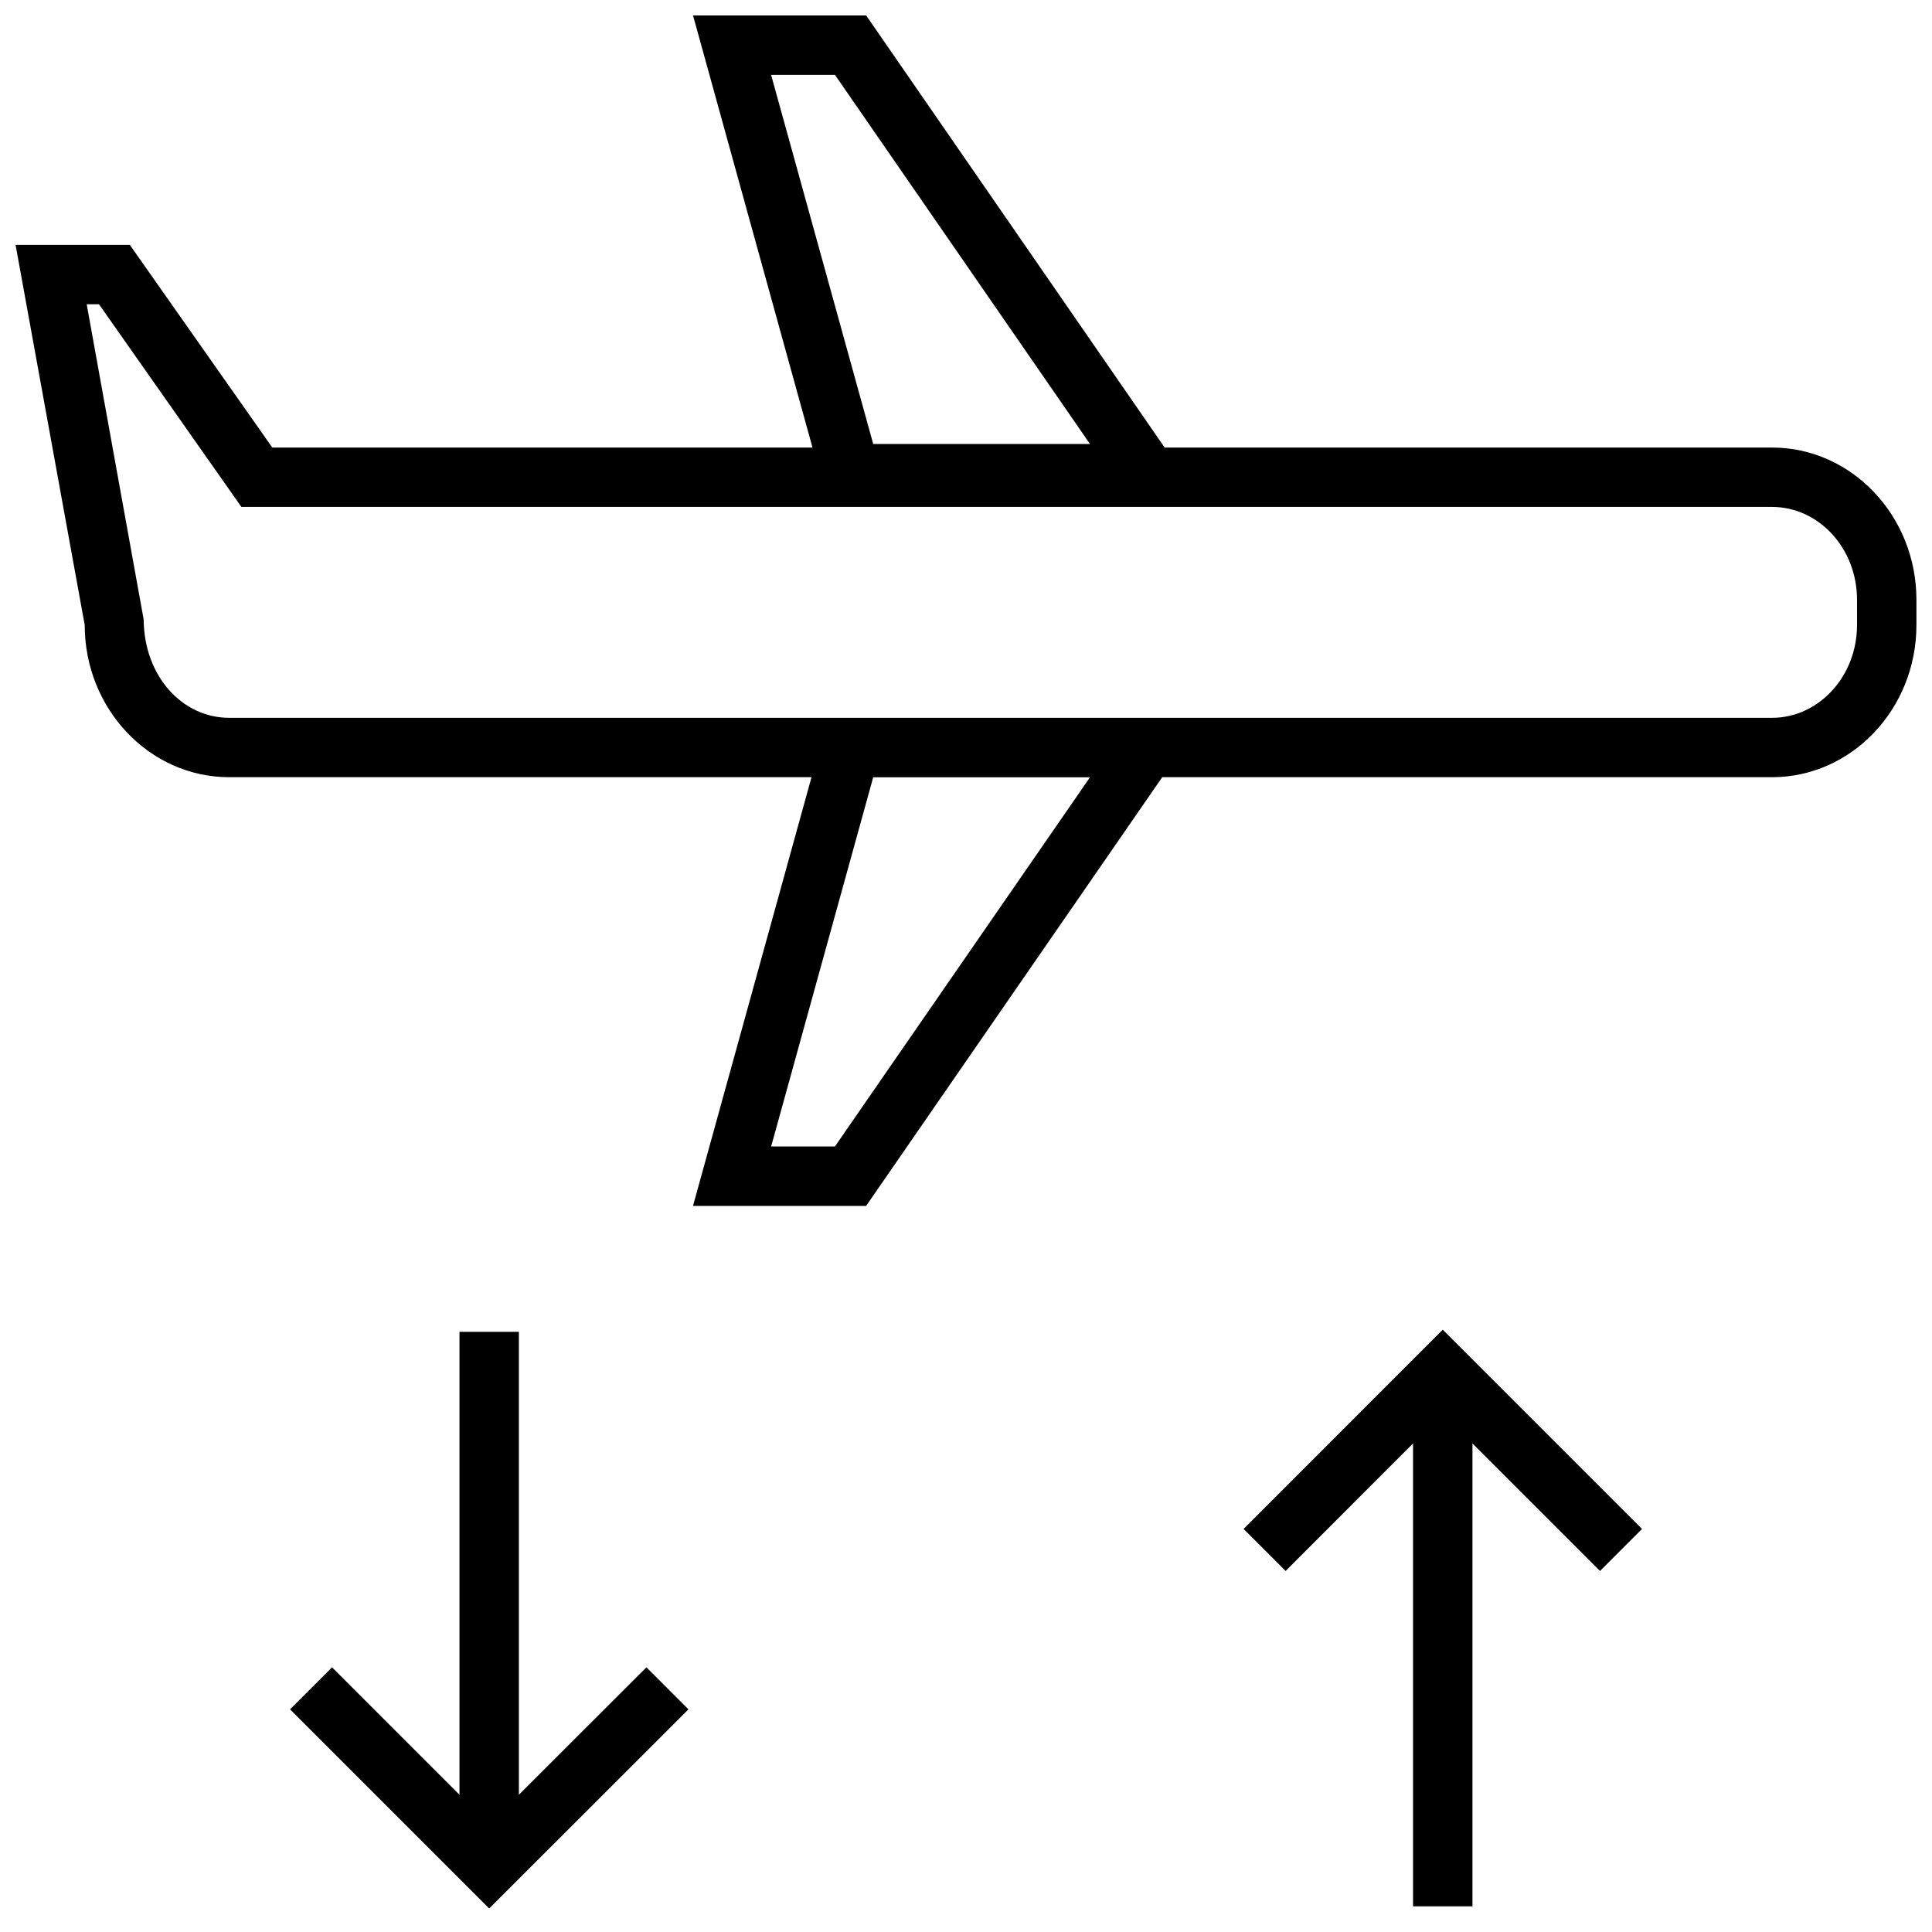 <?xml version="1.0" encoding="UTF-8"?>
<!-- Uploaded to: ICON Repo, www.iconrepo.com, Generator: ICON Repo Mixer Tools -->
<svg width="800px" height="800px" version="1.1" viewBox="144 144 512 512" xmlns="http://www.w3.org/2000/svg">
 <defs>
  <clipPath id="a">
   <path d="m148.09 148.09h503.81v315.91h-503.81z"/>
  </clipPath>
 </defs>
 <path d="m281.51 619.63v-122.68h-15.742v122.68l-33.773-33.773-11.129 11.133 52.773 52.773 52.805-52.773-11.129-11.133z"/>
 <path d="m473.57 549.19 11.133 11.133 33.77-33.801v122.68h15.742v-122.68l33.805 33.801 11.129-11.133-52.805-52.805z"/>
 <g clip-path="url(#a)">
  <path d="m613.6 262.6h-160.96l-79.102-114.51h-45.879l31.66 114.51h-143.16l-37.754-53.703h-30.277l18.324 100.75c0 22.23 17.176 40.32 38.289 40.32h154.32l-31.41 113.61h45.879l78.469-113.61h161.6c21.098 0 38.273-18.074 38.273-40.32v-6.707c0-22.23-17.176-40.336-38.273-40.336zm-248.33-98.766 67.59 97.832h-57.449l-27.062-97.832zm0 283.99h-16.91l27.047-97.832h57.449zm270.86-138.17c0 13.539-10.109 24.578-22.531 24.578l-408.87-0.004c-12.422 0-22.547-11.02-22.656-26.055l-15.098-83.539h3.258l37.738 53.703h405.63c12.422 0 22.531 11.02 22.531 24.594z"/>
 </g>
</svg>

▶ [TASK OBJECTIVE] Leave out the pictures and reproduce the rest of the listing exactly.

▶ [SOLUTION TO THIS PROBLEM]
 <?xml version="1.0" encoding="UTF-8"?>
<!-- Uploaded to: ICON Repo, www.iconrepo.com, Generator: ICON Repo Mixer Tools -->
<svg width="800px" height="800px" version="1.1" viewBox="144 144 512 512" xmlns="http://www.w3.org/2000/svg">
 <defs>
  <clipPath id="a">
   <path d="m148.09 148.09h503.81v315.91h-503.81z"/>
  </clipPath>
 </defs>
 <path d="m281.51 619.63v-122.68h-15.742v122.68l-33.773-33.773-11.129 11.133 52.773 52.773 52.805-52.773-11.129-11.133z"/>
 <path d="m473.57 549.19 11.133 11.133 33.77-33.801v122.68h15.742v-122.68l33.805 33.801 11.129-11.133-52.805-52.805z"/>
 <g clip-path="url(#a)">
  <path d="m613.6 262.6h-160.96l-79.102-114.51h-45.879l31.66 114.51h-143.16l-37.754-53.703h-30.277l18.324 100.75c0 22.23 17.176 40.32 38.289 40.32h154.32l-31.41 113.61h45.879l78.469-113.61h161.6c21.098 0 38.273-18.074 38.273-40.32v-6.707c0-22.23-17.176-40.336-38.273-40.336zm-248.33-98.766 67.59 97.832h-57.449l-27.062-97.832zm0 283.99h-16.91l27.047-97.832h57.449zm270.86-138.17c0 13.539-10.109 24.578-22.531 24.578l-408.87-0.004c-12.422 0-22.547-11.02-22.656-26.055l-15.098-83.539h3.258l37.738 53.703h405.63c12.422 0 22.531 11.02 22.531 24.594z"/>
 </g>
</svg>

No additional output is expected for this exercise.